Thursday, July 13, 2006

The Back Forty

As I've said before, we have a miniscule yard. It almost doesn't even count as a yard-- I'd be more inclined to call it a patch. However this did not stop us from tearing up more sod and putting in a tiny swath of a vegetable garden.



Since we're inexperienced and were raring to go by April, we decided to grow most of our bounty from seed. Both of us commute to NYC for our jobs which leaves little time beyond the weekend for our gardening efforts. Since it took a whole weekend just to get the sod up, the soil down and the garden ready for planting, we were faced with having to wait another week before we'd get our seeds in. With visions of just-plucked green beans dancing in our heads, we decided the weekend was just too far away. So after a full day's work and a long commute we found ourselves crouching before our garden swath, racing against the setting sun. The seeds went in. It seemed a shame to waste the whole package, so many seeds went in. And since we were working in dusk conditions, we weren't always entirely sure where the seeds were ending up. Let's just say we're going for a very "naturalistic" veggie garden. In no time we were seeing this. . .



















Some of our tomatoes plants came from the Mister's grandfather's garden. As I mentioned in an earlier post, he's quite the propagator. He grew these plants from last year's tomatoes. They're already looking quite delicious...



















Despite our inexperience, we seem to have a successful vegetable garden. The beans are quite tasty. The tomatoes are ripening nicely. We have some swiss chard that's ready to go, and our beets are really moving along. My only concern is our squash plants. They have the unfortunate fate of being situated right below our dryer vent. Periodically I pick fluff out from between their stems (I know coffee grinds are good, anyone know anything about dryer lint?). Their leaves are treated to a weekly, salon-style blow-out. I've noticed some of the blossoms that were looking so promising have shriveled up. Of course this may have something to do with having 500 squash plants crammed into a 2' square of soil (it's called squash for a reason, right?). So we'll see about that. Meanwhile, everything else looks pretty satisfied. And satisfying. . .


Wednesday, July 05, 2006

Like a Moth

I'm taking to this gardening thing like a moth to a Nasturtium leaf.


Somehow June managed to come and go without a single post. Well the blog may have languished, but the garden has not. I've been meaning to dedicate a post to my perennials-- they're near and dear to my heart since I knew them first as mere seeds. I brought them home from the community greenhouse in early May. The Mister kindly cleared some sod for me, and a perennial garden was born.

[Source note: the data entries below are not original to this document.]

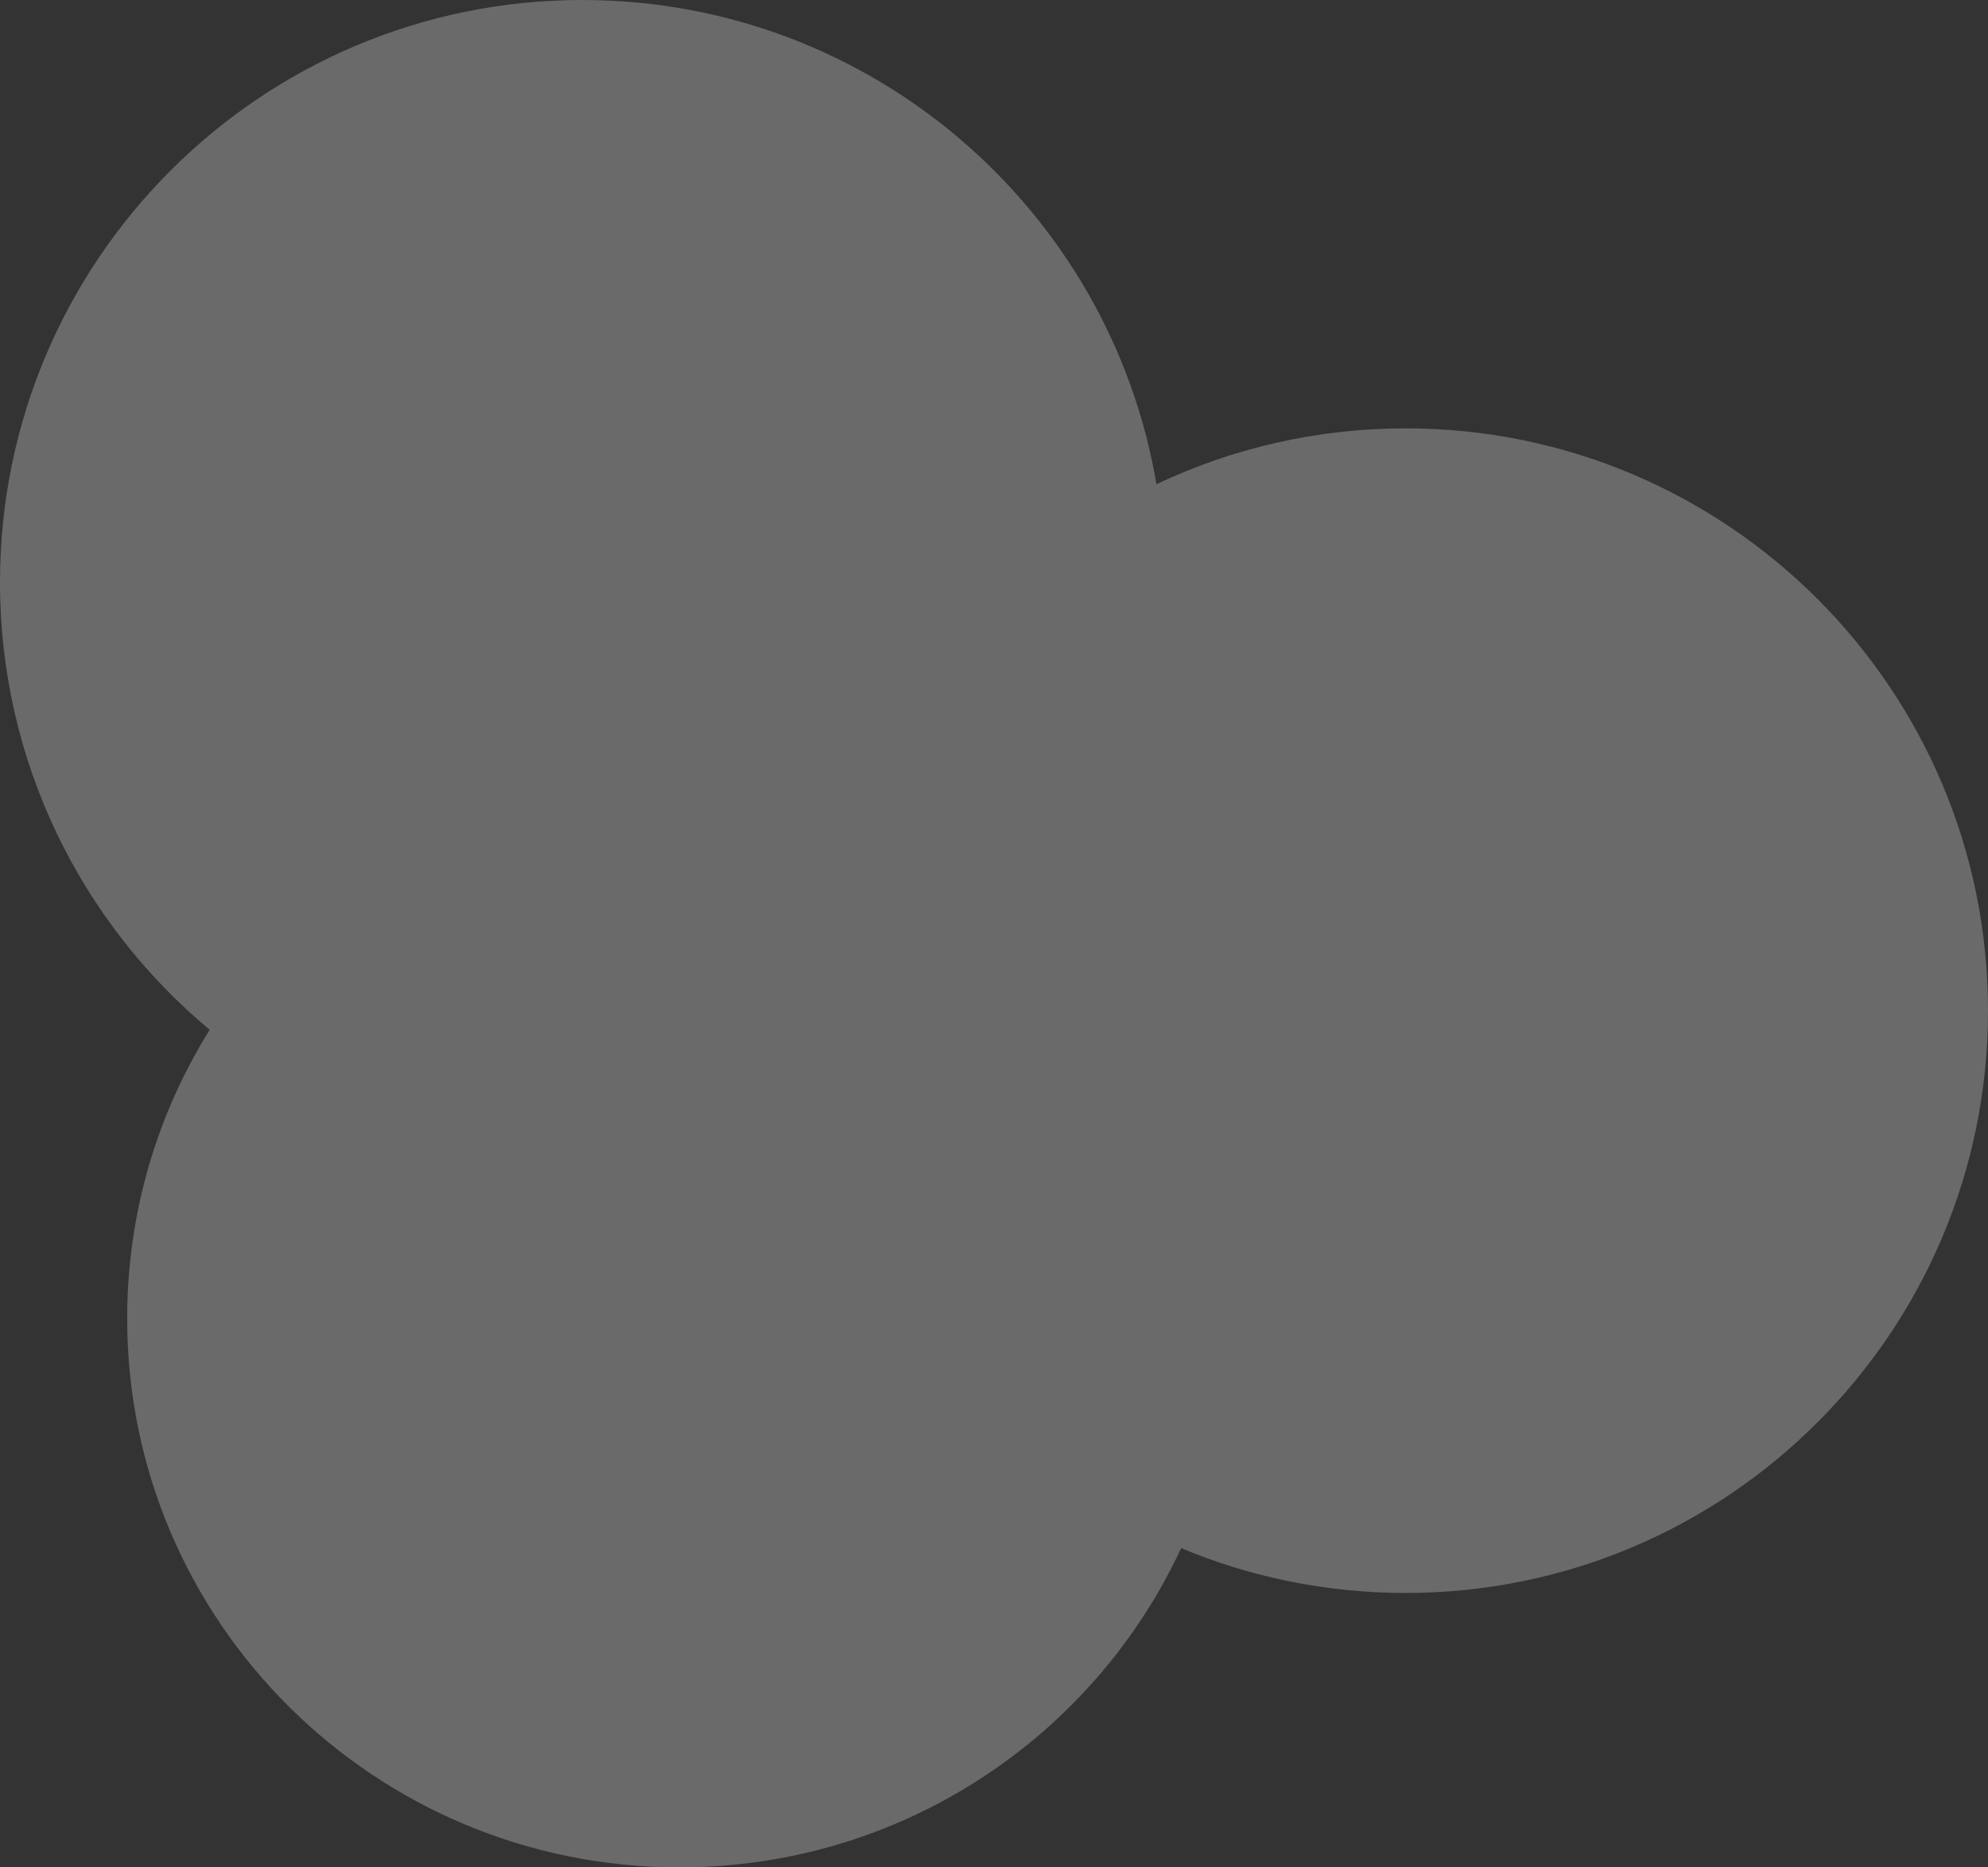 <?xml version="1.0" encoding="UTF-8"?>
<svg width="297px" height="279px" viewBox="0 0 297 279" version="1.1" xmlns="http://www.w3.org/2000/svg" xmlns:xlink="http://www.w3.org/1999/xlink">
    <rect x="0" y="0" width="297" height="279" fill="#333333" stroke="none"/>
    <!-- Generator: Sketch 51.1 (57501) - http://www.bohemiancoding.com/sketch -->
    <title>Combined Shape</title>
    <desc>Created with Sketch.</desc>
    <defs></defs>
    <g id="Page-1" stroke="none" stroke-width="1" fill="none" fill-rule="evenodd" opacity="0.27">
        <path d="M176.458,231.299 C163.395,259.457 134.744,279 101.5,279 C55.937,279 19,242.287 19,197 C19,181.171 23.512,166.39 31.328,153.858 C12.183,137.899 0,113.872 0,87 C0,38.951 38.951,0 87,0 C130.054,0 165.804,31.275 172.771,72.345 C184.057,66.994 196.679,64 210,64 C258.049,64 297,102.951 297,151 C297,199.049 258.049,238 210,238 C198.112,238 186.78,235.616 176.458,231.299 Z" id="Combined-Shape" fill="#FFFFFF" fill-rule="nonzero"></path>
    </g>
</svg>

I consulted my books endeavoring to give each plant its due in terms of space. However, mine was a bumper crop, and though I was happy to share some of the bounty with my sister, I was a little greedy, too. After all, some might not make it, then what? We'd have this bald spot in the yard punctuated by the occasional perennial. Besides, when they first went in they looked like this:


Plenty of room to breathe, to photosynthesize, to grow, etc, etc. There's Foxglove around the perimeter. Hollyhock in the center flanked by Oxeye Daisy and Coneflower. Rounded out by a couple of Yarrow and Dianthus plants front and center, with an Evening Primrose off to the left.


Two months later and it's literally a jungle out there:



I'm delighted, truly. However, I totally underestimated my perennials. They're huge. They're a tangle of branches and leaves. And they're still growing. Have I overdone it? Have I doomed them to a single-season life span with roots all hopelessly knotted together? Is there anything I can do?

I began this blog because I am a novice gardener. I figured it was a great way to record my fledgling efforts while also tapping the internet for guidance and advice. What's happening, though, as I blog away (or even as I don't, as the last month is a testament), is that I'm coming to realize how much I'm taking to this gardening thing. I love it. I love watching seeds become seedlings. And seedlings, plants. I love seeing my garden's daily evolution. I dote over each one. And, as you can see, worry over them, too.